The only thing that has changed is the first column.
And the reason we get a number close to .065
is that all told the letter frequencies of this
message do not differ all that much from
those of larger represeantative samples of English.
And the encrypted versiopn preserves that property
as long as we're using a monoalphabetic
substitution cipher.
But let's take the same messgae
and encrypt it using a vigenere cipher
(the key milk):
'kwf oiyxab cbmnsrg rae wmvj pqrsfa da osexwkk lpfmc m oooqxkx
ayuvec qe ua syxzbfiyd bz mdzsp rshqyq i wuaekwmy uuabqadsav
yr godg ruos bzpmuatyz hrqv iac uzwh kwfb vfwqztm zpcgtec ico
wyvk lmocckfm da l rmh pqrsfa'
'kwf oiyxab cbmnsrg rae wmvj pqrsfa da osexwkk lpfmc m oooqxkx ayuvec qe ua syxzbfiyd bz mdzsp rshqyq i wuaekwmy uuabqadsav yr godg ruos bzpmuatyz hrqv iac uzwh kwfb vfwqztm zpcgtec ico wyvk lmocckfm da l rmh pqrsfa'
Now we run the Friedman test on this:
Letter Count: 177
Letter Prob ProbSq Incidence
----------------------------
a 0.079 0.006 0.006
m 0.062 0.004 0.010
c 0.051 0.003 0.013
o 0.051 0.003 0.015
q 0.051 0.003 0.018
s 0.051 0.003 0.020
r 0.051 0.003 0.023
w 0.051 0.003 0.026
y 0.051 0.003 0.028
f 0.045 0.002 0.030
k 0.045 0.002 0.032
u 0.045 0.002 0.034
z 0.045 0.002 0.036
b 0.040 0.002 0.038
e 0.034 0.001 0.039
d 0.034 0.001 0.040
p 0.034 0.001 0.041
v 0.034 0.001 0.043
i 0.028 0.001 0.043
x 0.028 0.001 0.044
g 0.023 0.001 0.045
h 0.023 0.001 0.045
l 0.017 0.000 0.045
t 0.017 0.000 0.046
j 0.006 0.000 0.046
n 0.006 0.000 0.046
Total Index of Coincidence 0.046
In general the index of coincidence will be lowered significantly
when a polyalphabetic cipehr like Vigenere is being used.
How much?

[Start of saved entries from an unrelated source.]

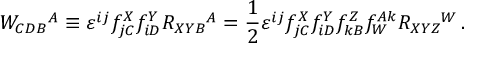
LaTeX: W _ { C D B } { } ^ { A } \equiv \varepsilon ^ { i j } f _ { j C } ^ { X } f _ { i D } ^ { Y } { \cal R } _ { X Y B } { } ^ { A } = \frac 1 2 \varepsilon ^ { i j } f _ { j C } ^ { X } f _ { i D } ^ { Y } f _ { k B } ^ { Z } f _ { W } ^ { A k } R _ { X Y Z } { } ^ { W } \, .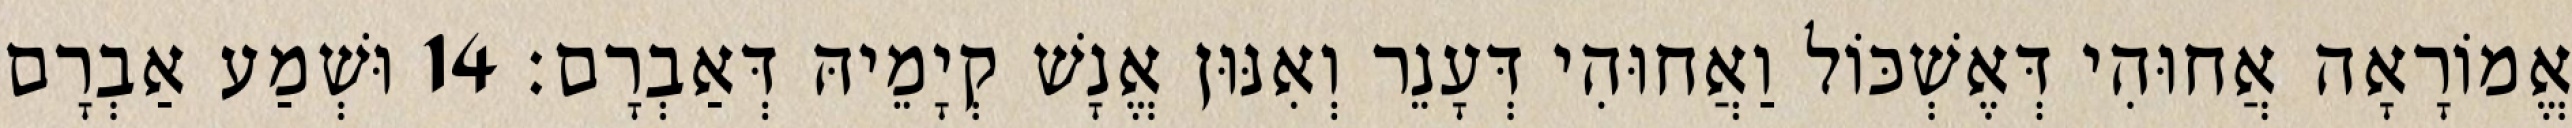
אֱמוֹרָאָה אֲחוּהִי דְּאֶשְׁכּוֹל וַאֲחוּהִי דְּעָנֵר וְאִנּוּן אֱנָשׁ קְיָמֵיהּ דְּאַבְרָם׃ 14 וּשְׁמַע אַבְרָם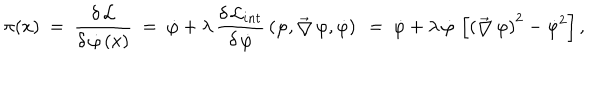
\pi ( x ) ~ = ~ \frac { \delta \, { \cal L } } { \delta \, \dot { \varphi } \, ( x ) } ~ = ~ \dot { \varphi } + \lambda \, \frac { \delta \, { \cal L } _ { i n t } } { \delta \, \dot { \varphi } } \, \left( \varphi , \vec { \bigtriangledown } \, \varphi , \dot { \varphi } \right) ~ = ~ \dot { \varphi } + \lambda \, \dot { \varphi } \, \left[ \left( \vec { \bigtriangledown } \, \varphi \right) ^ { 2 } - \dot { \varphi } ^ { 2 } \right] ,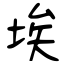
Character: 埃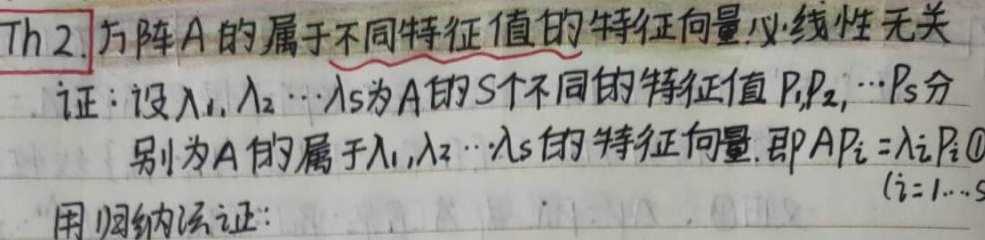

What's the limit.
Well suppose we have a completely random sample of
letters. What would it's index of coincidence be?
There are 26 possible letters for which this is the probability
ocf a coincidence so we multiply this by 26:
P(incidence) = 26*(1/26 * 1/26) = 0.038
So this is a lower bound. In general if the index
of incidence is close to 0.038, we've got a polyalphabetic cipher.